(Stored entries)

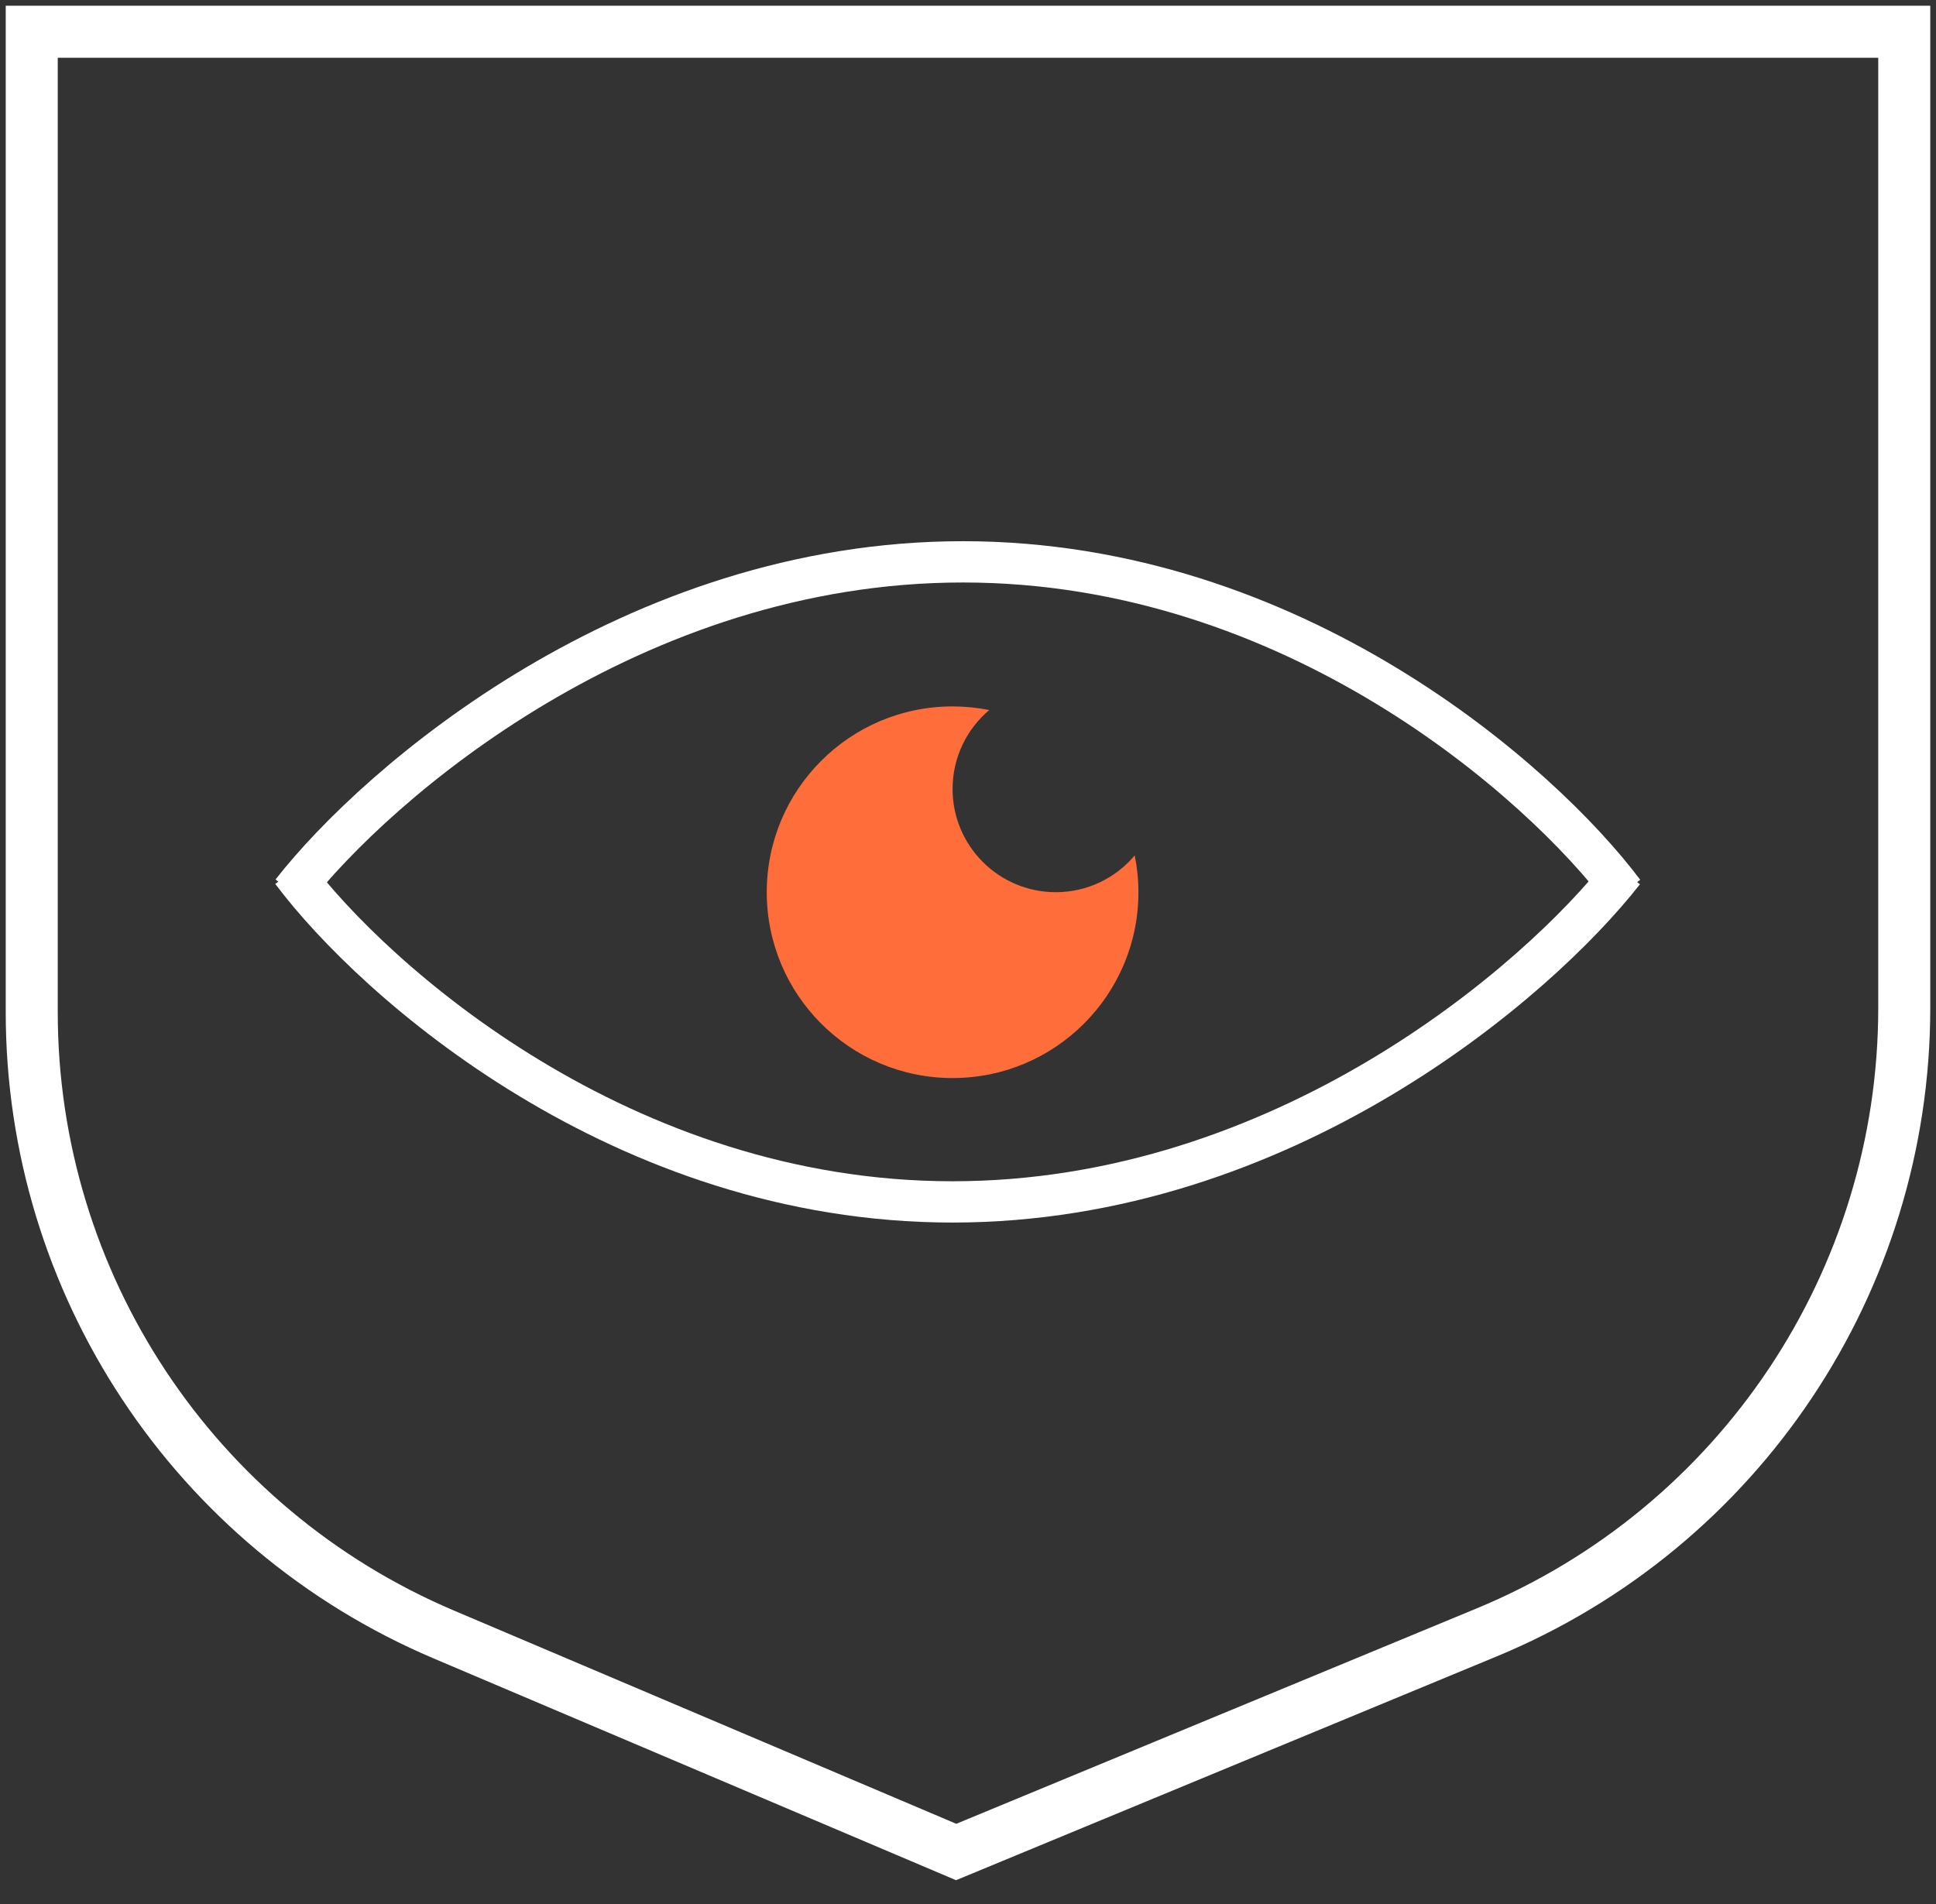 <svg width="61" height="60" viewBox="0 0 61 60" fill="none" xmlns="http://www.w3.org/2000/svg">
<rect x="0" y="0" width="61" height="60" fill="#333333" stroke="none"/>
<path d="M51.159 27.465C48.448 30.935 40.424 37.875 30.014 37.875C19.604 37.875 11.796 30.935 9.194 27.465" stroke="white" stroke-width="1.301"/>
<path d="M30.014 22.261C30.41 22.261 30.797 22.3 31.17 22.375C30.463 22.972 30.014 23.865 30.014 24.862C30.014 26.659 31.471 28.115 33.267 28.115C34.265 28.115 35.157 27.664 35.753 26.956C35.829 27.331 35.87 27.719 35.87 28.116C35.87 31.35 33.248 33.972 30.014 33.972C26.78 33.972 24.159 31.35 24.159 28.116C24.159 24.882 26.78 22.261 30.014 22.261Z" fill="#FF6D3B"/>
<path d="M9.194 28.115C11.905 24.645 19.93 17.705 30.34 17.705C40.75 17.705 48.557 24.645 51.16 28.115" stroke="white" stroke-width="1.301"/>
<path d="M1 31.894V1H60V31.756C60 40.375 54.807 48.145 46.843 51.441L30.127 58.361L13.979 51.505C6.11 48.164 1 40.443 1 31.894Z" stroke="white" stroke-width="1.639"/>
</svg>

What is being asked. The answer must consist of each line from the data that includes the string "stroke".

Solution to the exercise.
<rect x="0" y="0" width="61" height="60" fill="#333333" stroke="none"/>
<path d="M51.159 27.465C48.448 30.935 40.424 37.875 30.014 37.875C19.604 37.875 11.796 30.935 9.194 27.465" stroke="white" stroke-width="1.301"/>
<path d="M9.194 28.115C11.905 24.645 19.93 17.705 30.34 17.705C40.75 17.705 48.557 24.645 51.16 28.115" stroke="white" stroke-width="1.301"/>
<path d="M1 31.894V1H60V31.756C60 40.375 54.807 48.145 46.843 51.441L30.127 58.361L13.979 51.505C6.11 48.164 1 40.443 1 31.894Z" stroke="white" stroke-width="1.639"/>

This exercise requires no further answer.